PARIS (Reuters) - La Confédération générale des PME (CGPME) maintient son refus d'une taxation généralisée des contrats de travail courts demandée par les syndicats mais veut bien l'envisager pour des cas très spécifiques, a déclaré jeudi son président à Reuters.

Le refus des organisations patronales de moduler les cotisations patronales en fonction de la durée du contrat est l'un des points d'achoppement des négociations sur la réforme du marché du travail, qui se poursuivent ce jeudi.

La question n'est même pas évoquée dans le projet d'accord rédigé par le Medef, la principale organisation patronale.

"Dans toute négociation, il faut essayer de trouver des chemins qui permettent d'aboutir", a déclaré Jean-François Roubaud dans une interview à Reuters, quelques heures avant que les négociateurs se retrouvent au siège du Medef.

"Nous n'avons pas modifié notre point de vue, à savoir qu'on rejette toute taxation des contrats courts par principe", a-t-il poursuivi. "Mais on peut regarder comment on peut le faire pour les contrats très courts répétés pour surcroît d'activité."

Il s'agit, explique le président de la CGPME, de contrats de travail de huit-dix jours maximum qui sont parfois répétés deux fois par mois en cas d'augmentation de l'activité.

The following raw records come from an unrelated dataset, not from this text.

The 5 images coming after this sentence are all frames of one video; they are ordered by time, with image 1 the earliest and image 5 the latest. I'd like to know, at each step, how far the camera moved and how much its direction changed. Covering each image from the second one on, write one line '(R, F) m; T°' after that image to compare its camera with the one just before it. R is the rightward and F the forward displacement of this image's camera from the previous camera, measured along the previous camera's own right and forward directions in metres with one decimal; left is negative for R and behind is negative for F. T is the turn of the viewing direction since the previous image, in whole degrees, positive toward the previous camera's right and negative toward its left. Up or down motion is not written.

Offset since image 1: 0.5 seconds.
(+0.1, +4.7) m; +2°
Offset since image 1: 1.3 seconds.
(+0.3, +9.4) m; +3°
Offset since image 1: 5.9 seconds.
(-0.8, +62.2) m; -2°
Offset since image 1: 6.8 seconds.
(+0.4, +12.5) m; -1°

"Ce n'est pas correct. On est d'accord pour se faire pénaliser sur ce genre de choses parce qu'il y a peut-être des comportements abusifs", dit Jean-François Roubaud. "Donc il faut qu'avec les partenaires sociaux on voie ce qui est abusif."

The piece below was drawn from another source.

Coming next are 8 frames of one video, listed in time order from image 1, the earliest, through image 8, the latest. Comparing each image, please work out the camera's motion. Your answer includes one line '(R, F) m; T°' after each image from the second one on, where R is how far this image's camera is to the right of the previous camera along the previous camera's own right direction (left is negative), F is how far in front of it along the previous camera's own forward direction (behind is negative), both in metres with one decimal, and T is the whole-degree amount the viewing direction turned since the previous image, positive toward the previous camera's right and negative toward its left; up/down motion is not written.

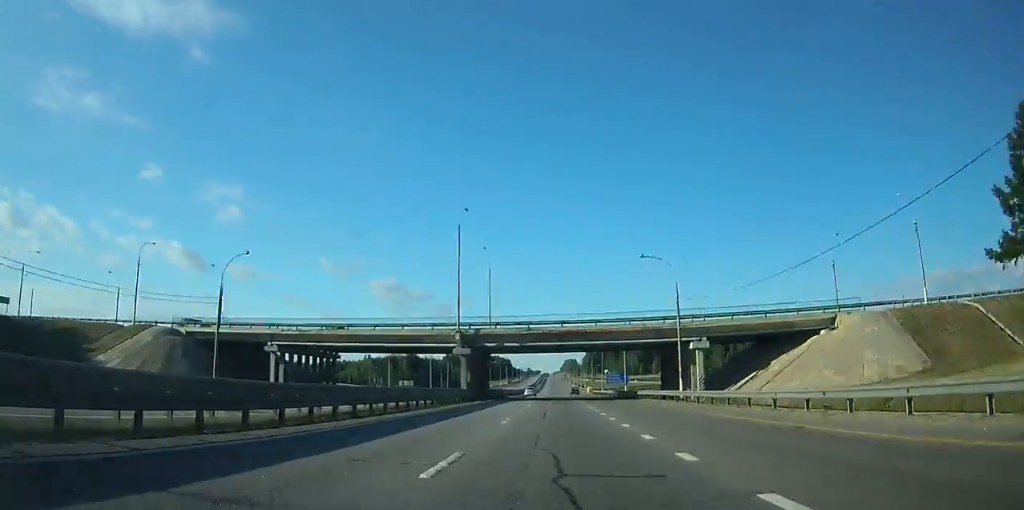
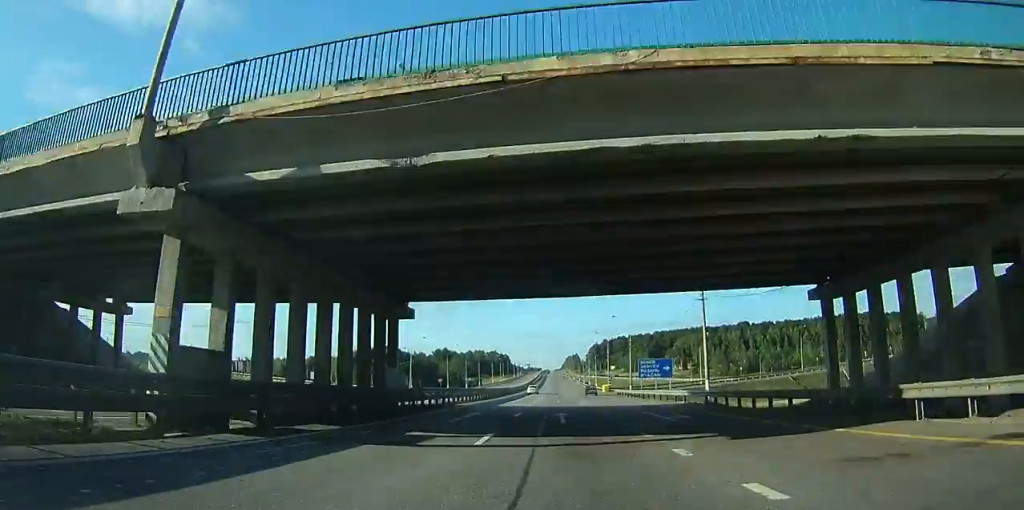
(0.0, +39.6) m; 0°
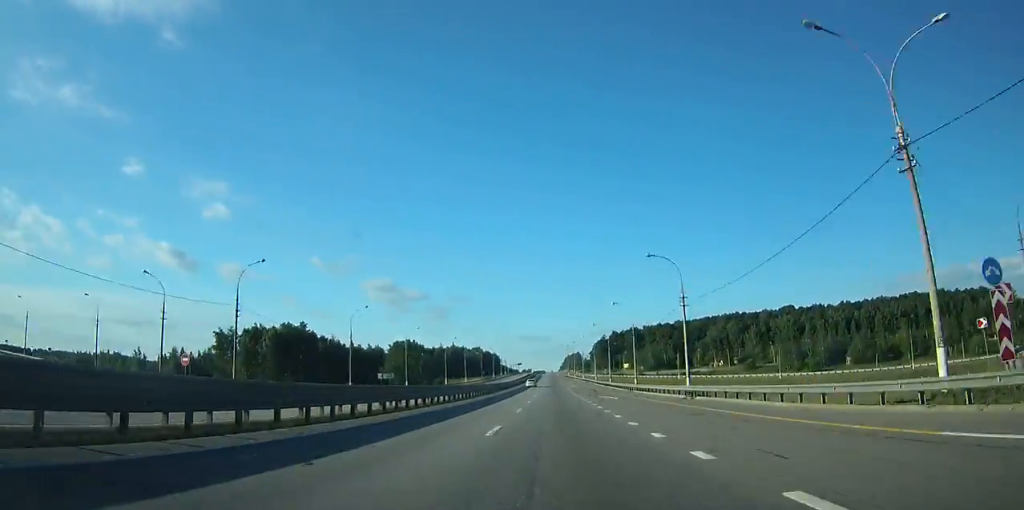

Il estime en revanche que cela ne doit pas concerner certains contrats très courts utilisés, par exemple, dans les hôpitaux et les maisons de retraite pour remplacer au jour le jour des aides-soignants manquants. "Il faut faire très attention à toutes les spécificités des branches", dit-il.

L'UPA FAIT AUSSI UN GESTE

Il ne cache pas que la négociation sur ces contrats très courts répétés dépendra de ce que la CGPME pourra obtenir pour "faciliter la vie des entreprises".

"On a fait une ouverture. J'espère que ça sera positif et que ça ira dans les deux sens", insiste son dirigeant.

Il cite notamment la réduction des délais de prescription pour les procédures en contentieux.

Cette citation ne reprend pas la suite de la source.